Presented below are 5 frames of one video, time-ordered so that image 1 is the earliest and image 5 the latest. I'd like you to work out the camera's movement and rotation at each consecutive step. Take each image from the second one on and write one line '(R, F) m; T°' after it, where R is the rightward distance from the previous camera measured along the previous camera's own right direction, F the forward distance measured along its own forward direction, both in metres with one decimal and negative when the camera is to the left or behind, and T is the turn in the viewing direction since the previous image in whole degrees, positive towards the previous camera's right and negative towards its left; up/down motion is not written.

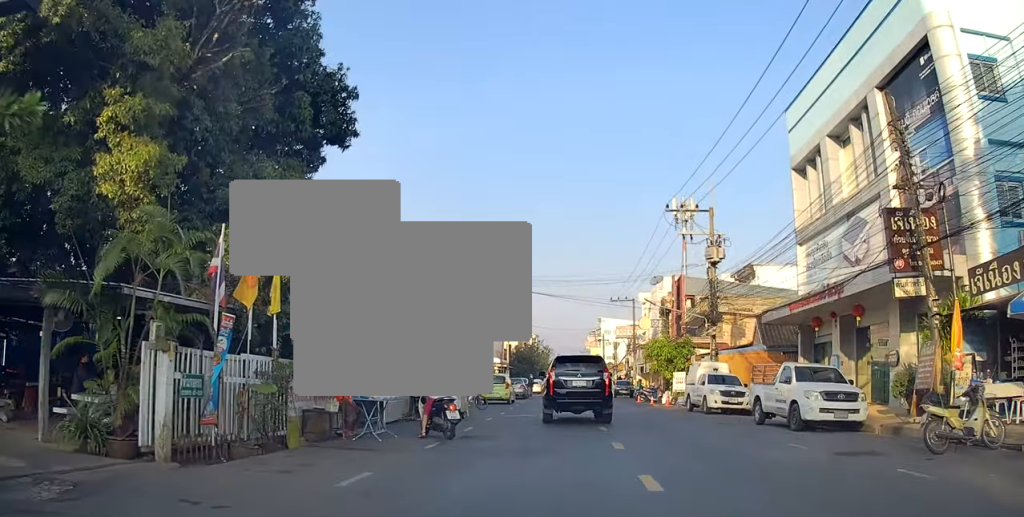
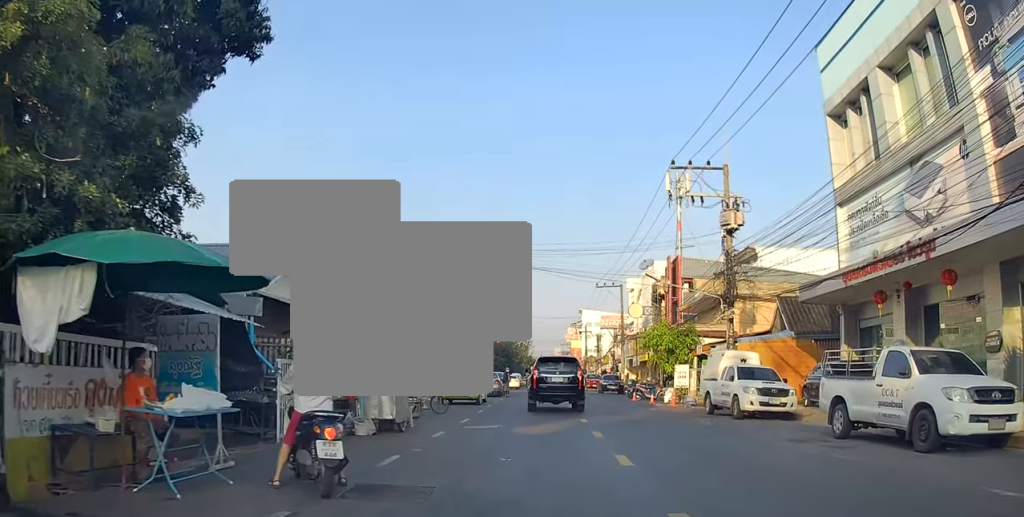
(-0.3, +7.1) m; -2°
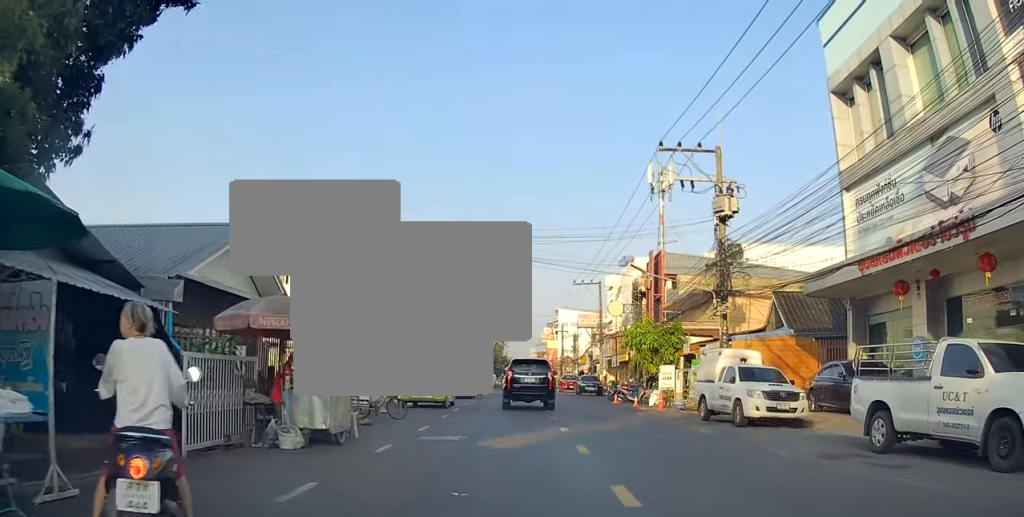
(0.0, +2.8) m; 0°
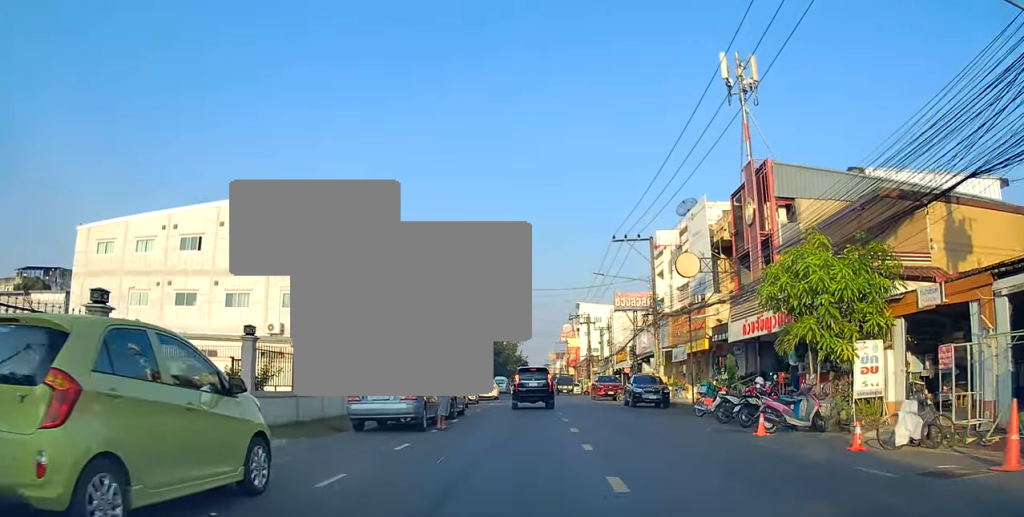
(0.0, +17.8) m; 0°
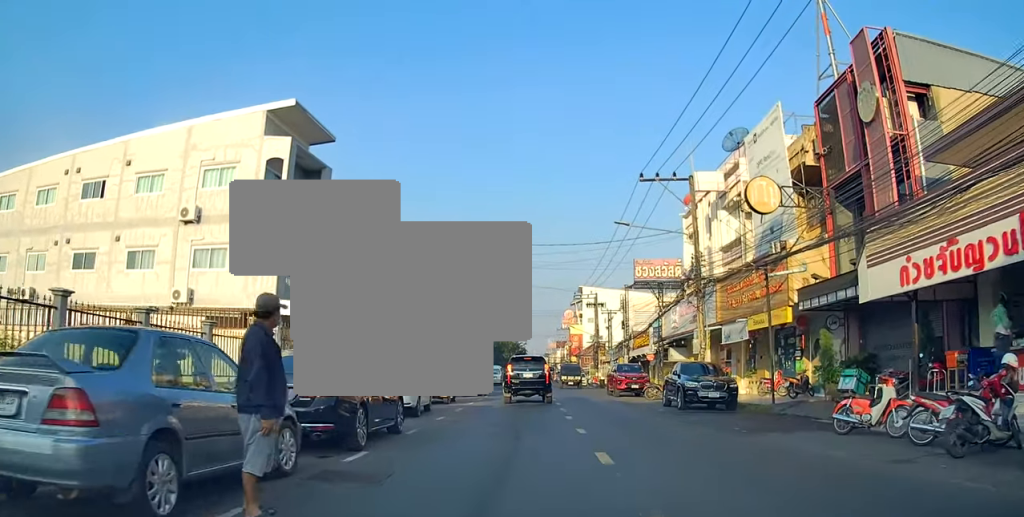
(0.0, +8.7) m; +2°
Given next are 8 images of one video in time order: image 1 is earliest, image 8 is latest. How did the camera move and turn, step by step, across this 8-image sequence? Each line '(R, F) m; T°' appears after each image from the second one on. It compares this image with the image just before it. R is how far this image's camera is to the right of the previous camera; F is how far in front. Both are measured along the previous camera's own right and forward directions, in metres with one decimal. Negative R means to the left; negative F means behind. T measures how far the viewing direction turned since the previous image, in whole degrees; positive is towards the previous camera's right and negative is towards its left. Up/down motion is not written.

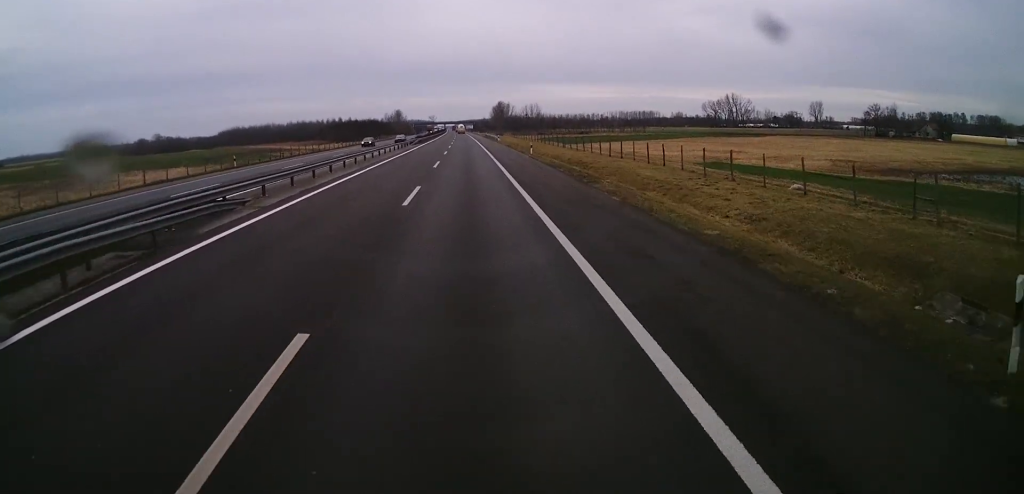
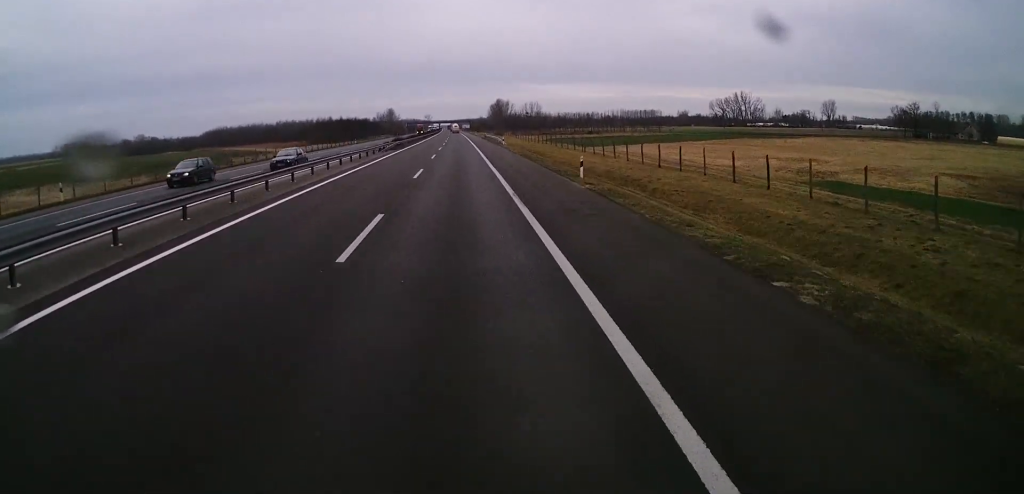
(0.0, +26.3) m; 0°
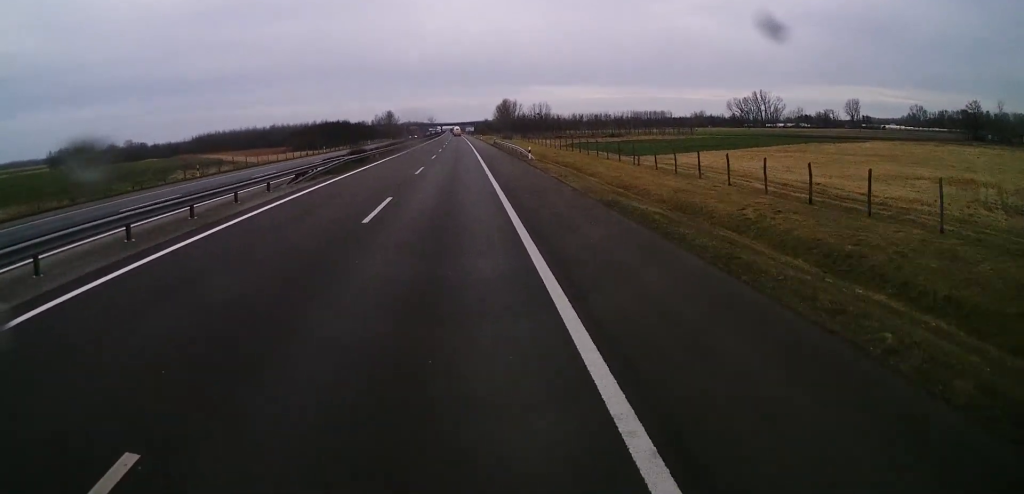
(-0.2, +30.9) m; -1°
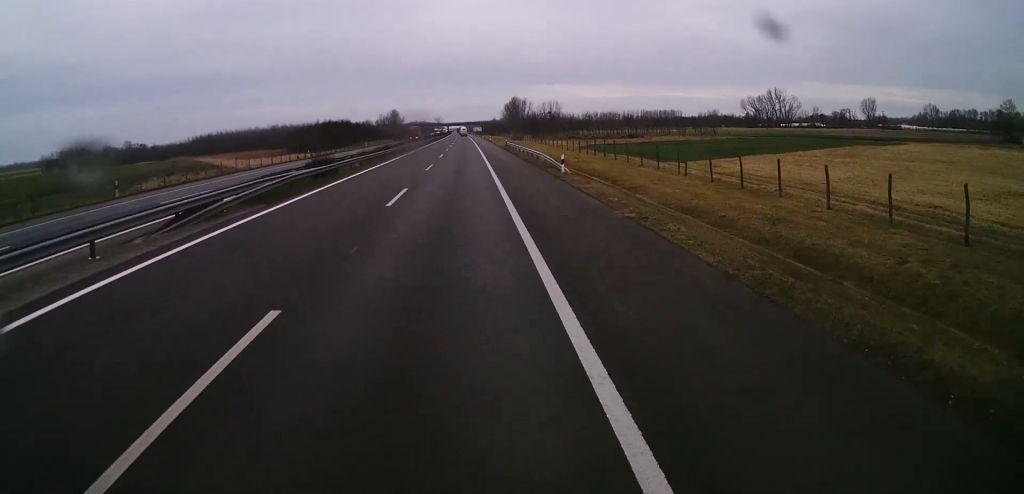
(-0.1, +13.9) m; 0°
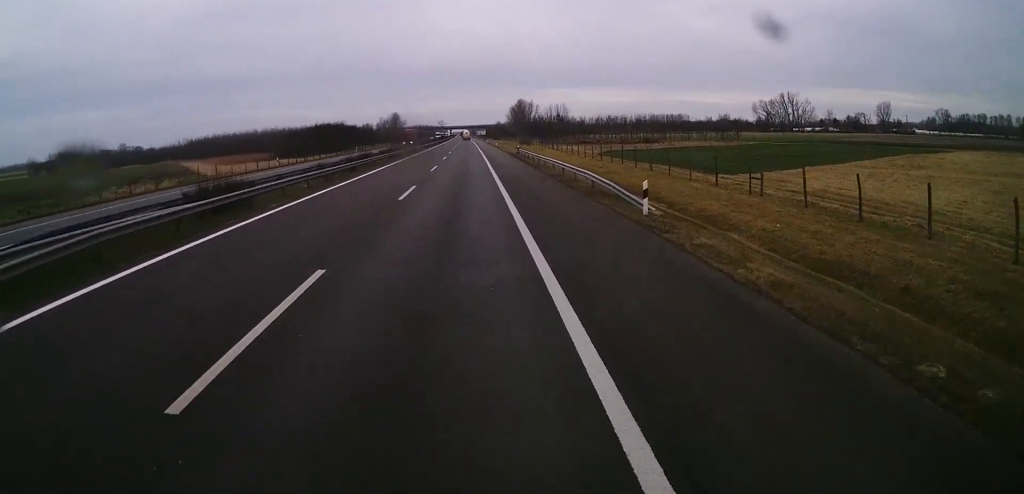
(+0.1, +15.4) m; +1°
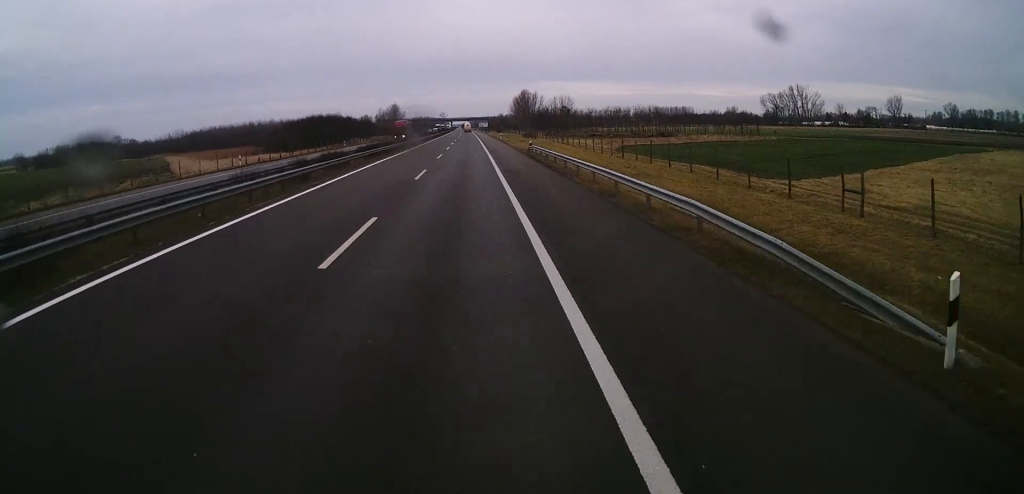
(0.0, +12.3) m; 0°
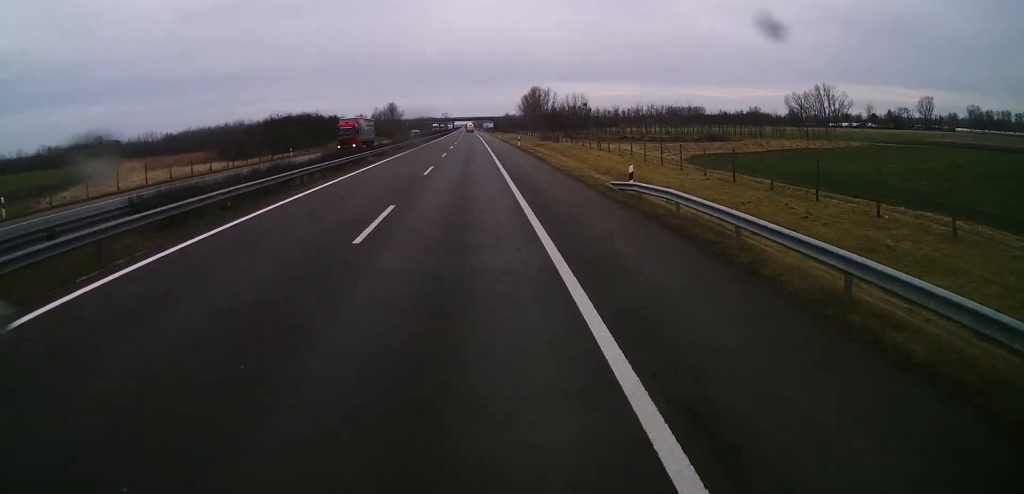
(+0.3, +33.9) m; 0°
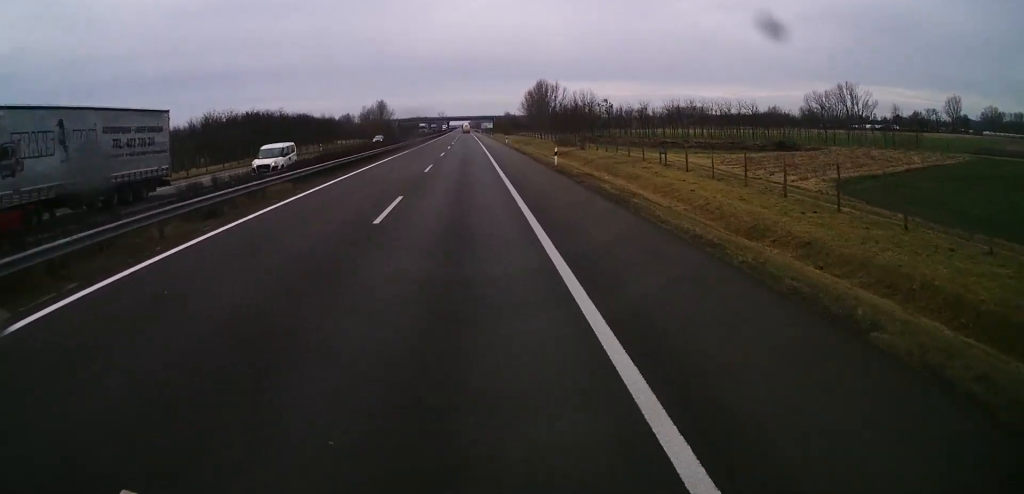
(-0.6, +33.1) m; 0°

****

- PROBLEM TO SOLVE
Your answer should be an exact copy of the records above, with no pictures in it.

- RESPONSE TO THE EXERCISE
Presented below are 5 frames of one video, time-ordered so that image 1 is the earliest and image 5 the latest. I'd like you to work out the camera's movement and rotation at each consecutive step. Take each image from the second one on and write one line '(R, F) m; T°' after it, where R is the rightward distance from the previous camera measured along the previous camera's own right direction, F the forward distance measured along its own forward direction, both in metres with one decimal and negative when the camera is to the left or behind, and T is the turn in the viewing direction since the previous image in whole degrees, positive towards the previous camera's right and negative towards its left; up/down motion is not written.

(-0.3, +7.1) m; -2°
(0.0, +2.8) m; 0°
(0.0, +17.8) m; 0°
(0.0, +8.7) m; +2°
Given next are 8 images of one video in time order: image 1 is earliest, image 8 is latest. How did the camera move and turn, step by step, across this 8-image sequence? Each line '(R, F) m; T°' appears after each image from the second one on. It compares this image with the image just before it. R is how far this image's camera is to the right of the previous camera; F is how far in front. Both are measured along the previous camera's own right and forward directions, in metres with one decimal. Negative R means to the left; negative F means behind. T measures how far the viewing direction turned since the previous image, in whole degrees; positive is towards the previous camera's right and negative is towards its left. Up/down motion is not written.

(0.0, +26.3) m; 0°
(-0.2, +30.9) m; -1°
(-0.1, +13.9) m; 0°
(+0.1, +15.4) m; +1°
(0.0, +12.3) m; 0°
(+0.3, +33.9) m; 0°
(-0.6, +33.1) m; 0°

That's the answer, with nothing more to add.